In this study, the behavior and convection-diffusion of CO₂, which was assumed to have leaked from the seafloor near the southeastern coast of Korea, where a pilot project of CO₂ ocean geological storage started but was temporarily stopped, were numerically predicted using a multi-scale ocean model for the first time. In the ocean model, hydrostatic approximation and Eulerian–Lagrangian two-phase models were applied for the meso- and small-scale regions, respectively. Numerical simulations involving changes in the main parameters, such as the initial diameter of CO₂ and leakage rate, were carried out to investigate its effects on the simulation results, especially regarding environmental impacts.

2. Methodology

The multi-scale ocean model used in this study is an improved version of the original Maritime Environment Committee (MEC) ocean model developed by the Japan Society of Naval Architecture and Ocean Engineers (JASNAOE). In the MEC model, hydrostatic approximation and non-hydrostatic (i.e., full-3D) models are applied for the meso- and small-scale domains, respectively. In the mesoscale domain, tidal flow is generated under hydrostatic (pressure) approximation to reduce the computational time. The applicability and accuracy of the hydrostatic model of the MEC model can be found in the research of Kano et al. [11], Lee et al. [14], and so on. A full-3D small-scale model is necessary when the vertical flow component cannot be ignored. The spatial connection between the two models is such that the full-3D model domain matches one grid-column of the hydrostatic model. Kano et al. [11] modified the MEC model by adopting a two-phase model for the small-scale domain, where the continuous liquid phase (seawater) and dispersed gas/liquid phase (individual CO₂ bubble/droplet) are solved using Eulerian and Lagrangian methods, respectively. This model, hereafter termed the “MEC-CO₂ model”, was used in the present study.

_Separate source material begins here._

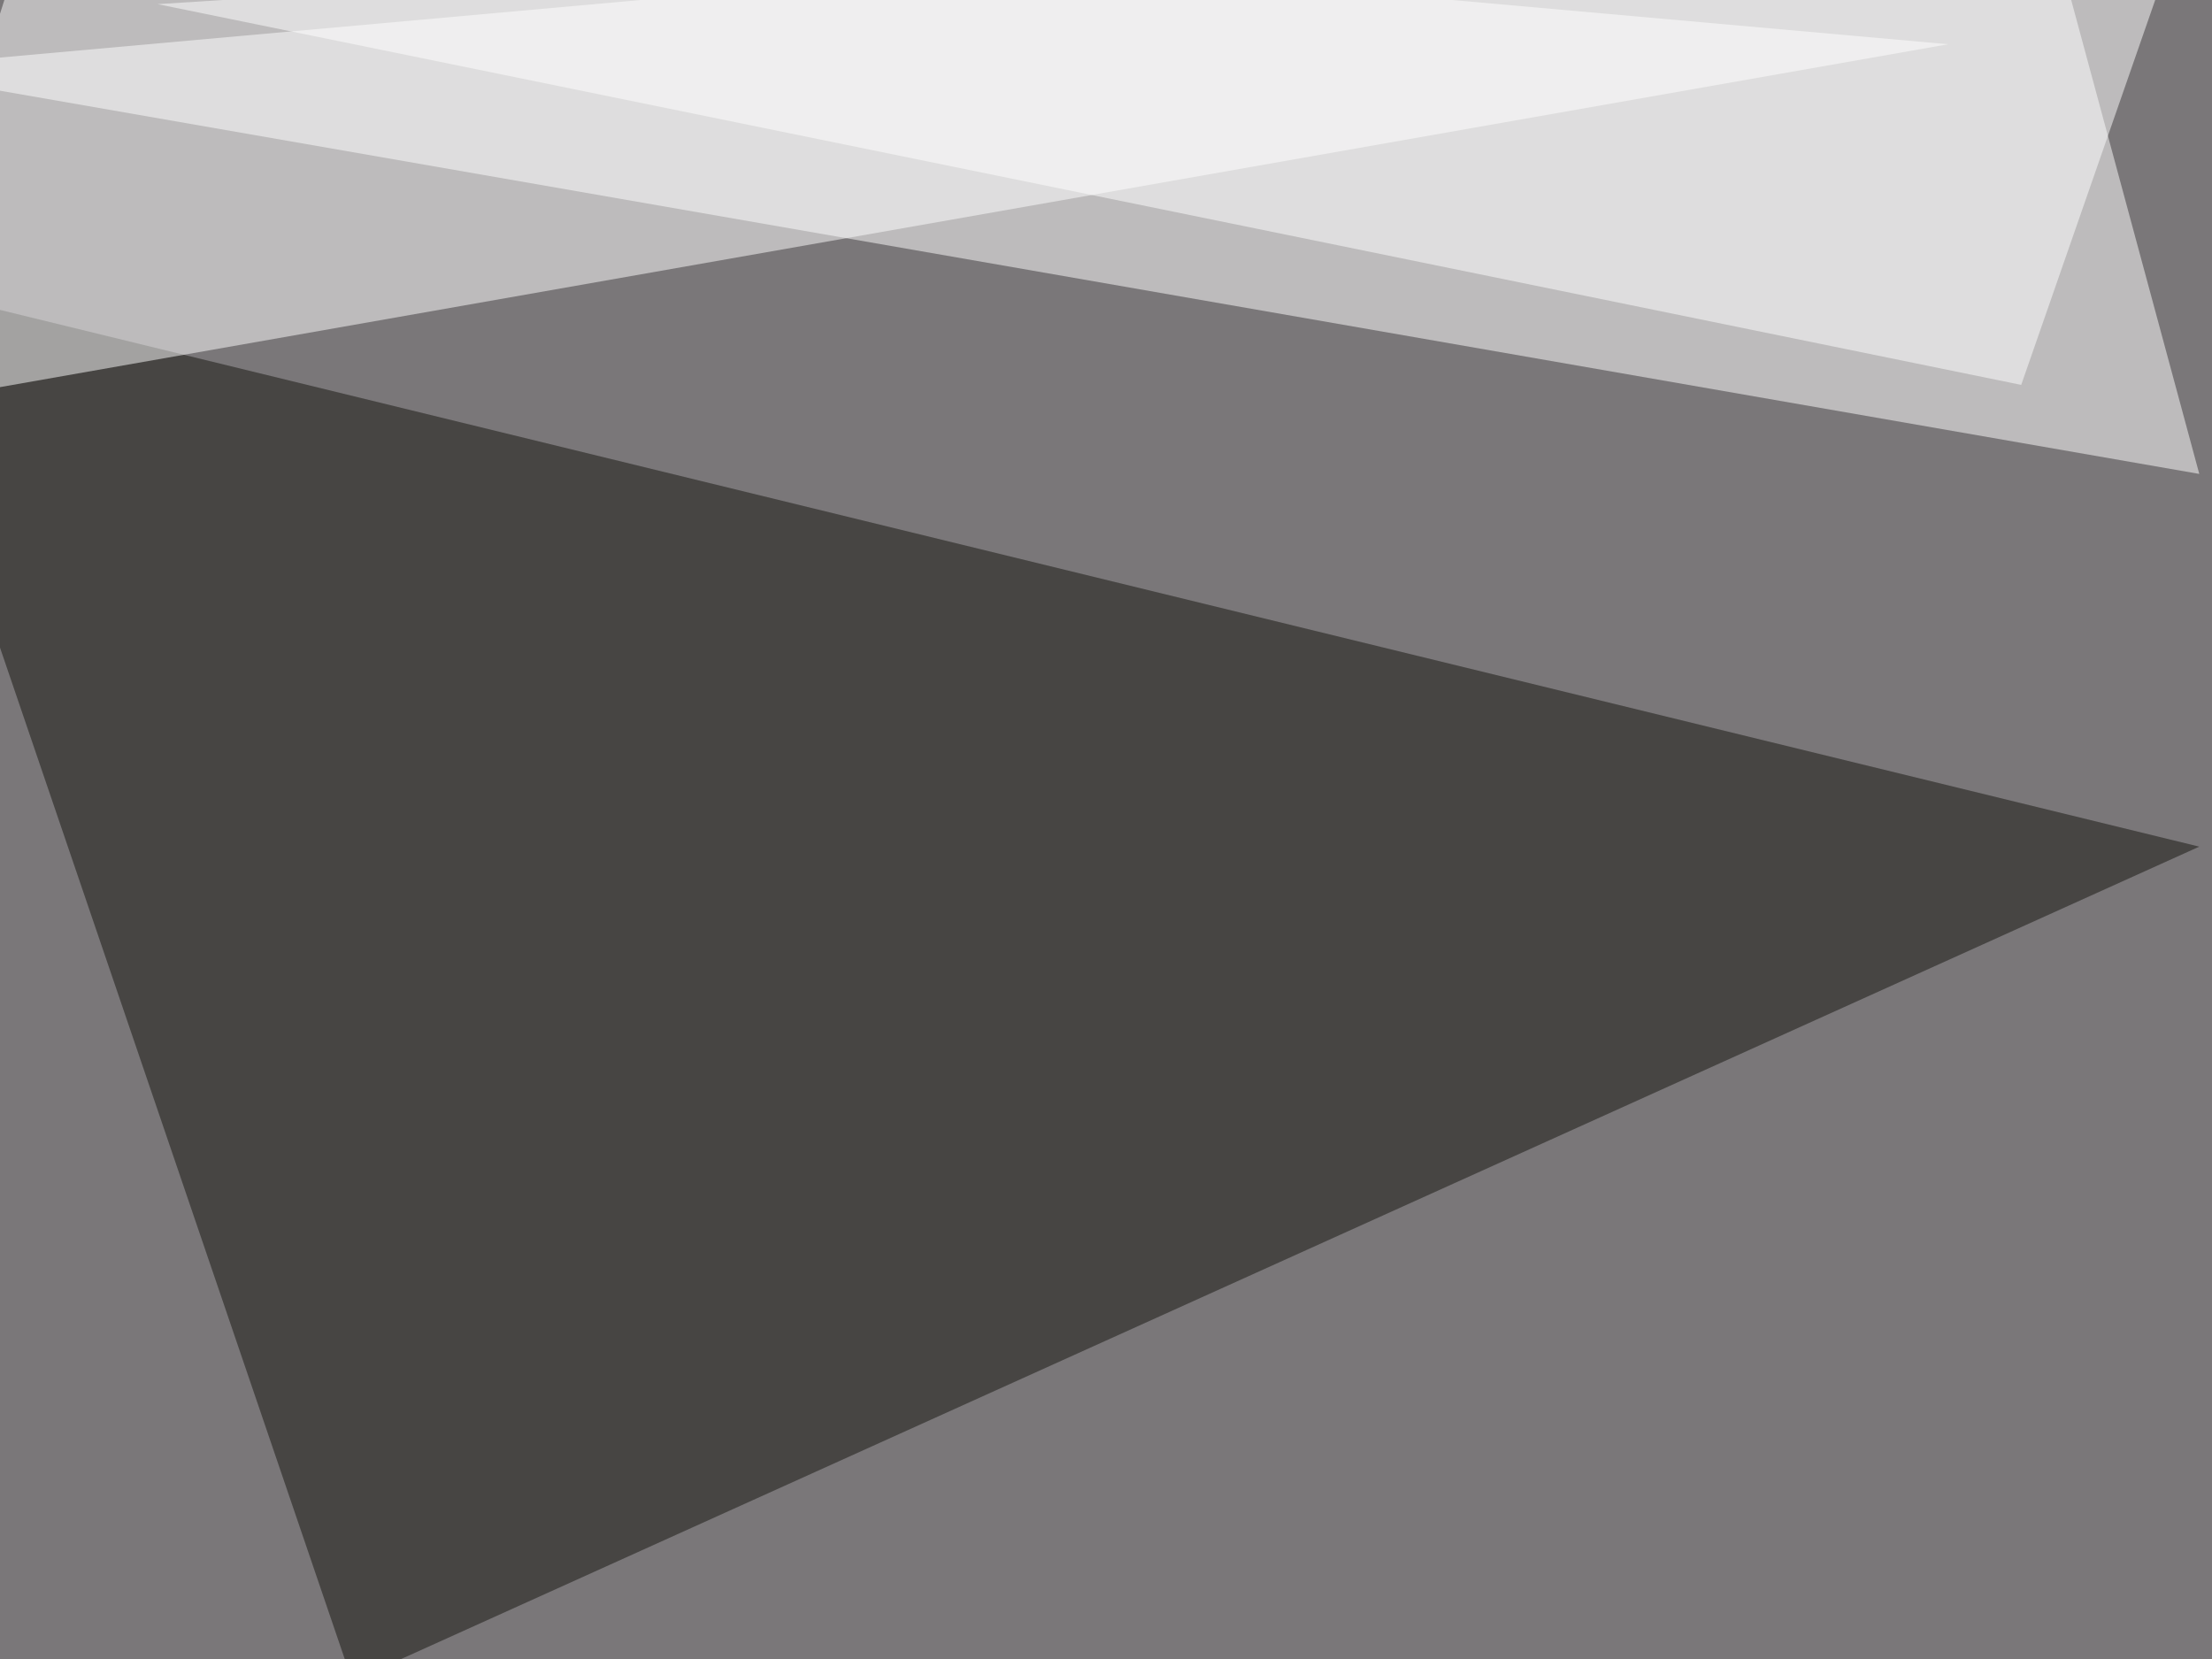 <svg xmlns="http://www.w3.org/2000/svg" width="800" height="600" ><filter id="a"><feGaussianBlur stdDeviation="55"/></filter><rect width="100%" height="100%" fill="#7a7779"/><g filter="url(#a)"><g fill-opacity=".5"><path fill="#fff" d="M736.8-45.4l58.6 216.8L-45.4 24.9z"/><path fill="#14150e" d="M127.4 608l668-301.8L-45.4 101z"/><path fill="#fff" d="M-45.4 148l750-132L16-45.4z"/><path fill="#fff" d="M731 139.2L57 1.5l738.3-47z"/></g></g></svg>

The governing equations of the mesoscale model adopting the hydrostatic approximation are as follows.

$$\frac{\partial u}{\partial x}+\frac{\partial v}{\partial y}+\frac{\partial w}{\partial z}=0$$

(1)

$$\frac{\partial u}{\partial t}+u\frac{\partial u}{\partial x}+v\frac{\partial u}{\partial y}+w\frac{\partial u}{\partial z}=-\frac{1}{\rho }\frac{\partial p}{\partial x}+\mathrm{f}v+A_M\left(\frac{{\partial }^{2}u}{\partial x^2}+\frac{{\partial }^{2}u}{\partial y^2}\right)+\frac{\partial }{\partial z}\left(K_M\frac{\partial u}{\partial z}\right)$$

(2)

$$\frac{\partial v}{\partial t}+u\frac{\partial v}{\partial x}+v\frac{\partial v}{\partial y}+w\frac{\partial v}{\partial z}=-\frac{1}{\rho }\frac{\partial p}{\partial y}-\mathrm{f}u+A_M\left(\frac{{\partial }^{2}v}{\partial x^2}+\frac{{\partial }^{2}v}{\partial y^2}\right)+\frac{\partial }{\partial z}\left(K_M\frac{\partial v}{\partial z}\right)$$

(3)

$$0=-\frac{\partial p}{\partial z}-\rho \mathrm{g}$$

(4)

where $u, v$, and $w$ are the velocity components in the $x$, $y$, and $z$ directions, respectively. $p$, $\rho$, $\mathrm{g}$, and f are the pressure, density of seawater, gravity acceleration, and Coriolis force coefficient, respectively. $A_M$ and $K_M$ are the horizontal and vertical eddy viscosities, respectively.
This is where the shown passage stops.